Fox’s request for report on Picton parking issues supported

Changes are coming to the Picton parking bylaws in time for the summer tourist season. (Chad Ibbotson/Gazette staff)

Long-term passes, winter conditions, accessibility discussed Thursday



County councillors are poised to get a staff report about parking options in Picton following a request made by Hallowell councillor Gord Fox at Thursday’s committee-of-the-whole meeting.

Fox told his colleagues he’d been conversing with a Main Street business owner who does not have parking directly behind her store, but who regularly brings in materials. Taking advantage of free parking on Mary Street or King Street had increased the difficulty for her.

“I won’t mention names, but she’s an older lady. It’s quite a burden,” Fox said.

He added that he’d been talking with chief building and bylaw enforcement official Andy Harrison about finding ways to make parking more convenient than the present metered system.

“For those people who don’t have parking, business people, can they buy a monthly parking certificate? Or maybe anyone can,” Fox continued. “Another thing we talked about too was in the winter time, it gets complicated. If the streets aren’t clean or they throw snow against a parking meter, how do you get to it? It will be especially difficult for people with mobility issues.”

North Marysburgh’s David Harrison echoed the concerns.

“I’ve heard complaints now for quite a while and there will be nowhere to winter park without literally being in violation of a bylaw,” he said. “I think the route we’ve taken with parking is on Main Street is basically going to be kill the downtown. People don’t like the meters.”

Fox said he understood Andy Harrison was in the process of collecting data and that he would be prepared to come back to council with a report at a later date with suggestions.

Janice Maynard, of Ameliasburgh, agreed parking is an issue in any semi-urban area and suggested that monthly passes might be a good idea. She also stressed that those people who do have mobility issues and an accessible parking permit can park anywhere in the town.

Maynard wondered, however, about the chain of command given that Andy Harrison was already collecting data and she questioned what he’d be reporting on.

Chief administrative officer James Hepburn said he hadn’t spoken with Andy Harrison about parking, but was aware the new pay-and-display machines offer sophisticated data and that he does review it. He said he couldn’t speak to where Harrison might be in data collection, but noted he expects that information would be a part of any report and possible recommendation.

“In my view, that would be part of this report back to council and we would engage him in conversation and find out what is going on,” he said.

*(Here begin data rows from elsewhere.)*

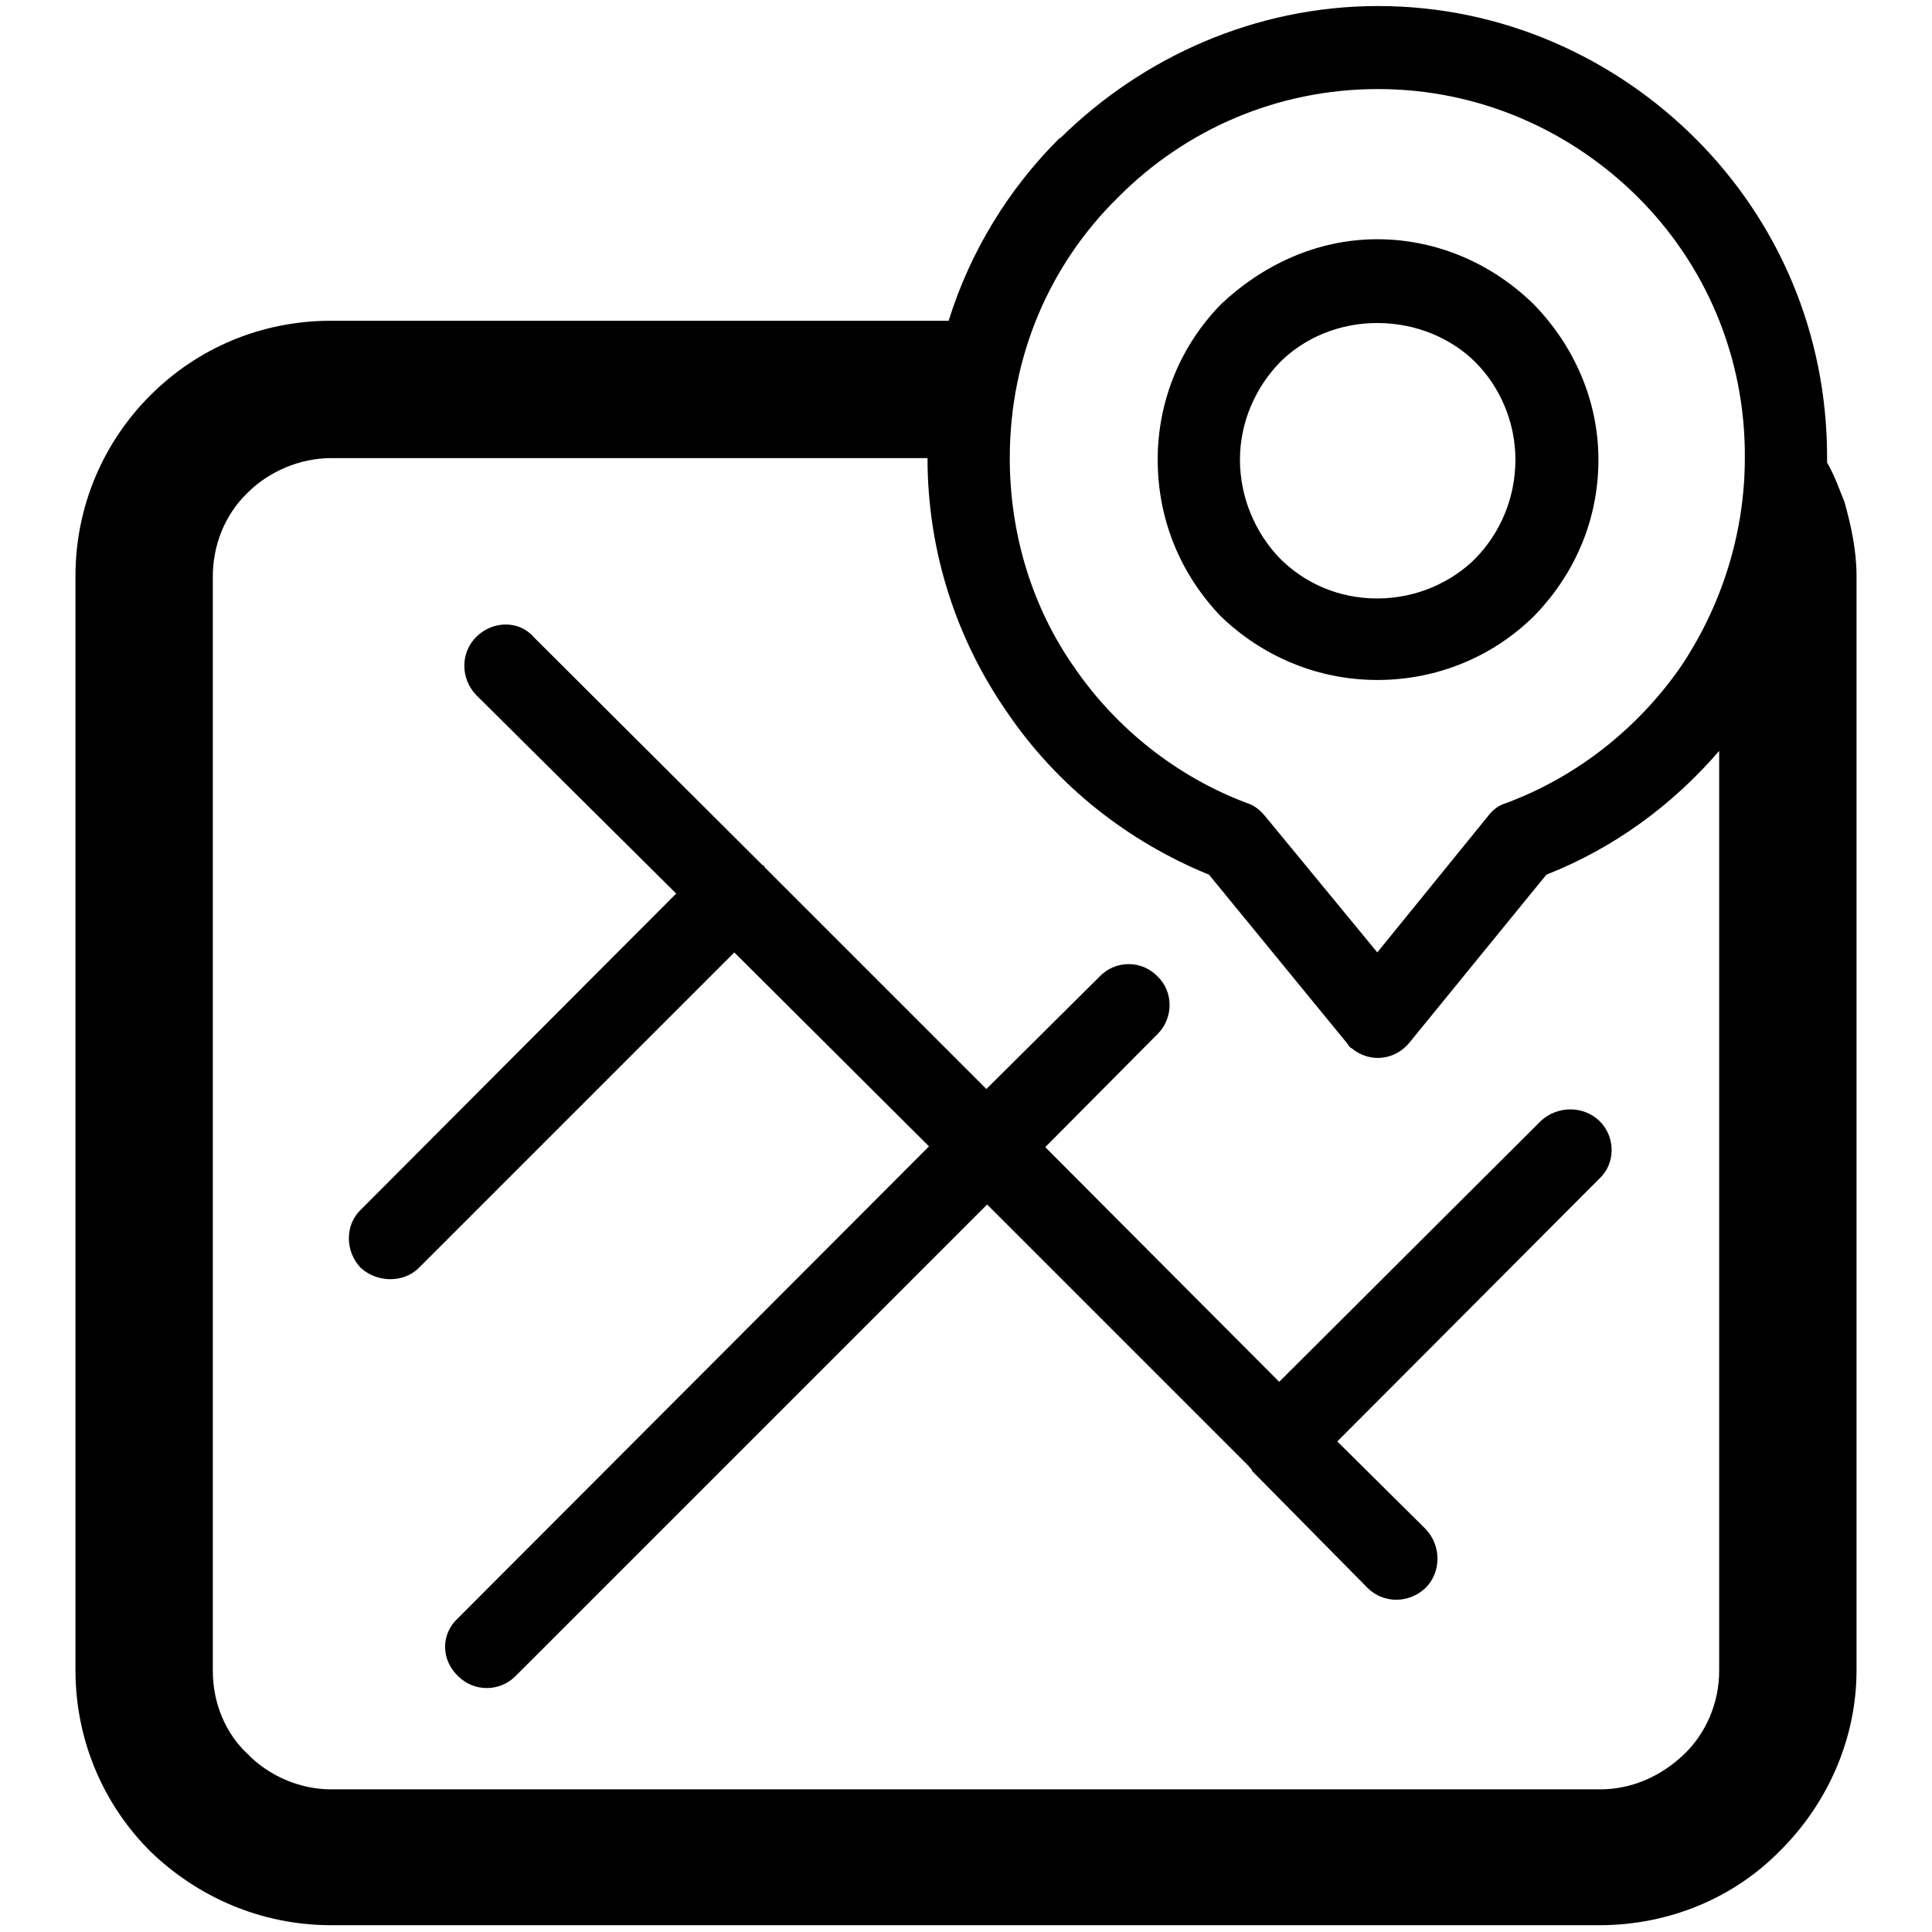 <?xml version="1.0" encoding="utf-8"?>
<!-- Svg Vector Icons : http://www.onlinewebfonts.com/icon -->
<!DOCTYPE svg PUBLIC "-//W3C//DTD SVG 1.1//EN" "http://www.w3.org/Graphics/SVG/1.1/DTD/svg11.dtd">
<svg version="1.1" xmlns="http://www.w3.org/2000/svg" xmlns:xlink="http://www.w3.org/1999/xlink" x="0px" y="0px" viewBox="0 0 256 256" enable-background="new 0 0 256 256" xml:space="preserve">
<g><g><path fill="#000000" d="M242.1,61.3c1,1.7,1.6,3.5,2.3,5.2c0.9,3.2,1.6,6.5,1.6,9.8v145c0,9.3-4,17.9-10.2,24c-6,6.1-14.5,9.8-23.9,9.8H43.9c-9.4,0-17.8-3.8-24-9.8c-6.2-6.2-9.9-14.7-9.9-24v-145c0-9.2,3.7-17.7,9.9-23.9c6.2-6.2,14.6-9.9,24-9.9h81.8c2.9-9.3,8-17.5,14.6-24.1l0.3-0.2c10.8-10.6,25.7-17.4,42-17.4c16.4,0,31.3,6.8,42.1,17.6c10.8,10.8,17.4,25.6,17.4,42.2V61.3z M182.5,31.7L182.5,31.7c8.1,0,15.4,3.4,20.7,8.6c5.2,5.3,8.6,12.6,8.6,20.6c0,8.2-3.3,15.4-8.6,20.8c-5.3,5.2-12.6,8.4-20.7,8.4c-8,0-15.3-3.2-20.7-8.4c-5.2-5.4-8.4-12.6-8.4-20.8c0-8,3.2-15.3,8.4-20.6C167.2,35.2,174.4,31.7,182.5,31.7 M195.5,48L195.5,48c-3.2-3.2-7.9-5.2-13-5.2c-5.1,0-9.7,2-12.9,5.2c-3.2,3.3-5.3,7.9-5.3,12.9c0,5.1,2.1,9.8,5.3,13.1c3.3,3.3,7.8,5.3,12.9,5.3c5.1,0,9.8-2.1,13-5.3c3.3-3.4,5.3-8,5.3-13.1C200.8,56,198.8,51.3,195.5,48 M122.9,60.7L122.9,60.7h-79c-4.2,0-8.3,1.8-11.1,4.6c-3,2.9-4.6,6.9-4.6,11.1v145c0,4.3,1.7,8.3,4.6,11c2.8,2.9,6.9,4.7,11.1,4.7H212c4.3,0,8.2-1.8,11.2-4.7c2.8-2.7,4.6-6.7,4.6-11V99.5c-6.2,7.2-14,12.9-22.9,16.4l-18.1,22.2c-1.9,2.4-5.3,2.8-7.7,0.8c-0.3-0.1-0.4-0.4-0.7-0.8l-0.1-0.1l-18.1-22.1c-10.8-4.4-20.1-11.8-26.6-21.3C126.8,84.9,122.9,73.2,122.9,60.7 M217.1,26.2L217.1,26.2c-8.9-8.9-21.1-14.4-34.5-14.4s-25.5,5.4-34.3,14.2l-0.3,0.3c-8.9,8.8-14.2,20.9-14.2,34.4c0,10.3,3.1,20,8.6,27.8c5.5,8,13.5,14.4,22.8,17.9c1,0.3,1.7,0.9,2.4,1.7l14.9,18.1l14.7-18.1c0.6-0.8,1.4-1.4,2.4-1.7c9.4-3.5,17.4-9.9,23-17.9c5.3-7.8,8.6-17.5,8.6-27.8C231.3,47.2,225.9,35,217.1,26.2 M145.7,129.4L145.7,129.4c2.1-2.2,5.6-2.2,7.7,0c2.1,2,2.1,5.5,0,7.6l-14.9,15l31,31.1l34.7-34.6c2.2-2,5.6-2,7.7,0c2.2,2.1,2.2,5.7,0,7.7l-34.7,34.8l11.7,11.6c2.1,2.2,2.1,5.7,0,7.8c-2.2,2.1-5.6,2.1-7.7,0L166,195l-0.1-0.1v-0.1l-0.1-0.1l-0.1-0.2l-0.2-0.1v-0.1l-34.7-34.7l-62.5,62.5c-2.1,2.1-5.5,2.1-7.6,0c-2.3-2.2-2.3-5.6,0-7.7l62.4-62.5l-25.8-25.7l-41.8,41.8c-2,2-5.5,2-7.7,0c-2.1-2.2-2.1-5.7,0-7.7l41.8-41.9L63.1,92.1c-2.1-2.2-2.1-5.6,0-7.7c2.2-2.2,5.7-2.2,7.6,0l30.2,30.1l0.1,0.1l0.2,0.1l0.1,0.1v0.1l29.4,29.4L145.7,129.4z"/></g></g>
</svg>

Fox added that he simply had concerns brought to him and he went to ask Andy Harrison about it. The official told him he understood the issues and was prepared to bring them back to council.

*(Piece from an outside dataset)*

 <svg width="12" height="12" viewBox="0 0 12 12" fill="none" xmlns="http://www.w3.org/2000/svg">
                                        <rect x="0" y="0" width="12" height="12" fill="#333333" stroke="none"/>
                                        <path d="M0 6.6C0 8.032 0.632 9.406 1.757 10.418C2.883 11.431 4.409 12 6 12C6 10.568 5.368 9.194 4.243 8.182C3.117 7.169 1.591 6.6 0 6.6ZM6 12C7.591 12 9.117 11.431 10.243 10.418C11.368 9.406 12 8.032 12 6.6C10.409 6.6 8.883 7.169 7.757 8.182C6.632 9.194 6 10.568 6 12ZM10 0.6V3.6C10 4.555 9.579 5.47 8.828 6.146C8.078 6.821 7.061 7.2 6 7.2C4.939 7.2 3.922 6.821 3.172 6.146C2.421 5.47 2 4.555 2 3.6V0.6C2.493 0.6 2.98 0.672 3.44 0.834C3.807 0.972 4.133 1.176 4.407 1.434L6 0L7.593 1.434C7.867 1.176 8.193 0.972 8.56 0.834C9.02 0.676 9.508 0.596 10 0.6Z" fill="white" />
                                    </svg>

“He knows there re problems and all of those things we’re asking for will come back in that report. I’m simply asking for a report (now),” Fox said.

Before committee of the whole endorsed the request, two councillors tacked on requests they’d like to see considered.

Sophiasburgh’s Bill Roberts asked that the report’s authors contact the Regent Theatre as its management had particular concern about time limits and mobility constraints.

“Their audiences are, no average older and less mobile and the things they see last three hours. They’re in a pickle. What do they do? If they touch base and hear them out, that would be very helpful.”

Steve Ferguson, of South Marysburgh, asked the report touch on accessible parking and violations. He said there are daily violations of people without permits parking in clearly marked spots.

“If ticketed, there would be a fairly significant addition to the County coffers and it would certainly discontinue the practice on an ongoing basis,” he said.